Re: java.lang.StackOverflowError when calling count()

randylu
In reply to this post by Tathagata Das
hi, TD. I also fall into the trap of long lineage, and your suggestions do work well. But i don't understand why the long lineage can cause stackover, and where it takes effect?
Reply | Threaded
Open this post in threaded view
|

Re: java.lang.StackOverflowError when calling count()

Tathagata Das
The long lineage causes a long/deep Java object tree (DAG of RDD objects), which needs to be serialized as part of the task creation. When serializing, the whole object DAG needs to be traversed leading to the stackoverflow error. 

TD


On Mon, Aug 11, 2014 at 7:14 PM, randylu <[hidden email]> wrote:
hi, TD. I also fall into the trap of long lineage, and your suggestions do
work well. But i don't understand why the long lineage can cause stackover,
and where it takes effect?



--
View this message in context: http://apache-spark-user-list.1001560.n3.nabble.com/java-lang-StackOverflowError-when-calling-count-tp5649p11941.html
Sent from the Apache Spark User List mailing list archive at Nabble.com.

---------------------------------------------------------------------
To unsubscribe, e-mail: [hidden email]
For additional commands, e-mail: [hidden email]


Reply | Threaded
Open this post in threaded view
|

Re: java.lang.StackOverflowError when calling count()

randylu
hi, TD. Thanks very much!
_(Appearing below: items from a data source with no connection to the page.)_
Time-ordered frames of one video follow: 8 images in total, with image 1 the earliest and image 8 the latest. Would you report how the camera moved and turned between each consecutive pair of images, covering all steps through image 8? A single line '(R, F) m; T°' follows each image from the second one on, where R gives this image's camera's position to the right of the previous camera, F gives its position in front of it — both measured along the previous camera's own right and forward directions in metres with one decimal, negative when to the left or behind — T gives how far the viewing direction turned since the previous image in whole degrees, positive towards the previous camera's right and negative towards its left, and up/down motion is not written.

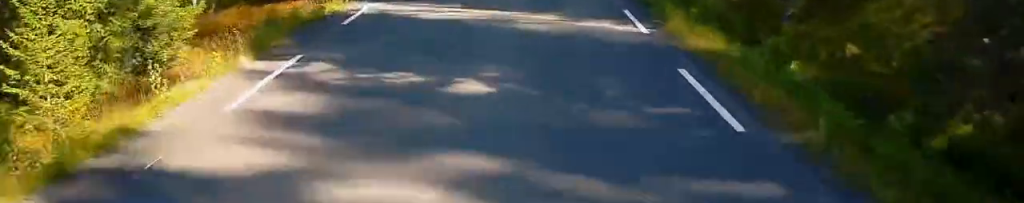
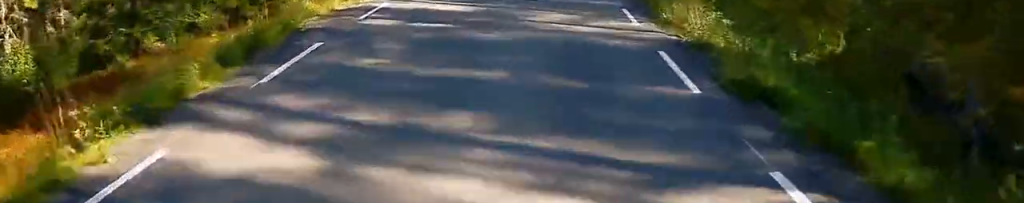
(+0.2, +16.2) m; +1°
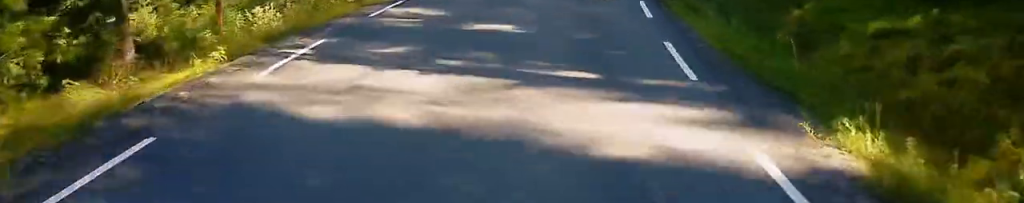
(+0.3, +23.6) m; +2°
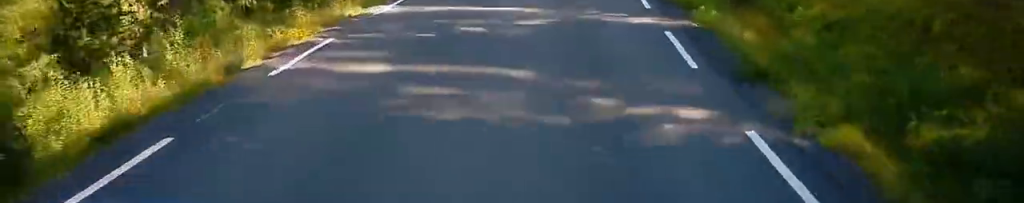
(+0.8, +23.4) m; +4°
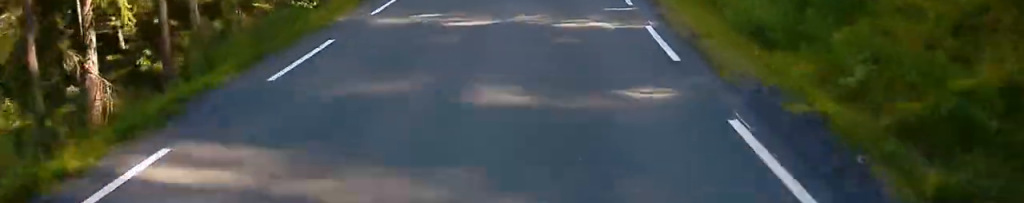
(+0.9, +23.6) m; +5°
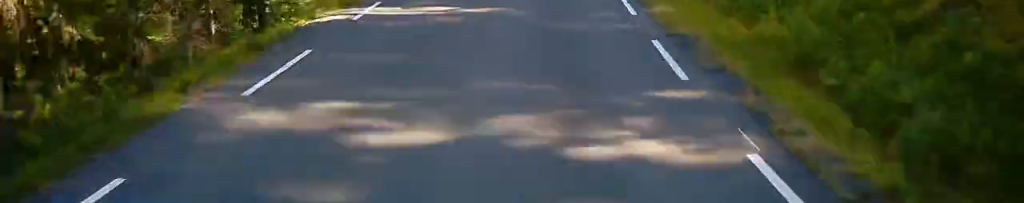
(0.0, +7.0) m; +2°
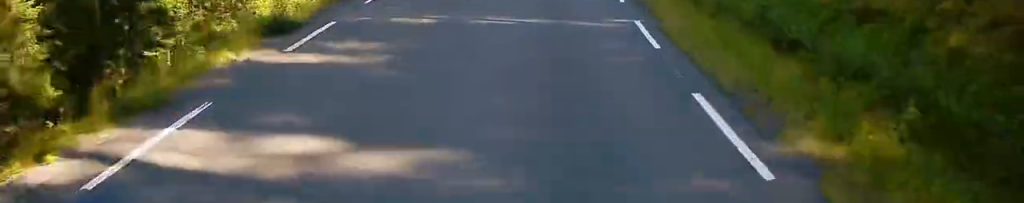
(+0.3, +9.6) m; +2°
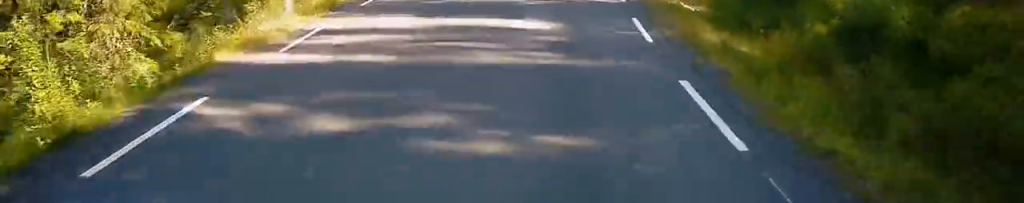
(+0.4, +11.3) m; +2°

I got it.
Reply | Threaded
Open this post in threaded view
|

Re: java.lang.StackOverflowError when calling count()

alfa
This post has NOT been accepted by the mailing list yet.
In reply to this post by Tathagata Das
Hello,

Can you please elaborate the 3rd point you mention ?  (i.e. "3. Create a modified RDD R` which has the same data as RDD R but does not have the lineage. This is done by creating a new BlockRDD using the ids of blocks of data representing the in-memory R (can elaborate on that if you want).")  

Thanks.
Reply | Threaded
Open this post in threaded view
|

Re: java.lang.StackOverflowError when calling count()

Anuj
This post has NOT been accepted by the mailing list yet.
In reply to this post by Guanhua Yan
We were getting the same problem also. Funny thing our code worked with larger data set and failed for a reduced data set. Anyway we are thinking on passing stacksize override params to jvm may be that can help you.

Please give it a try and let me know.

--conf spark.executor.extraJavaOptions=-Xss8m --conf spark.driver.extraJavaOptions=-Xss8m

taking 8m is kind a overkill for stack size, so you can start with 4m.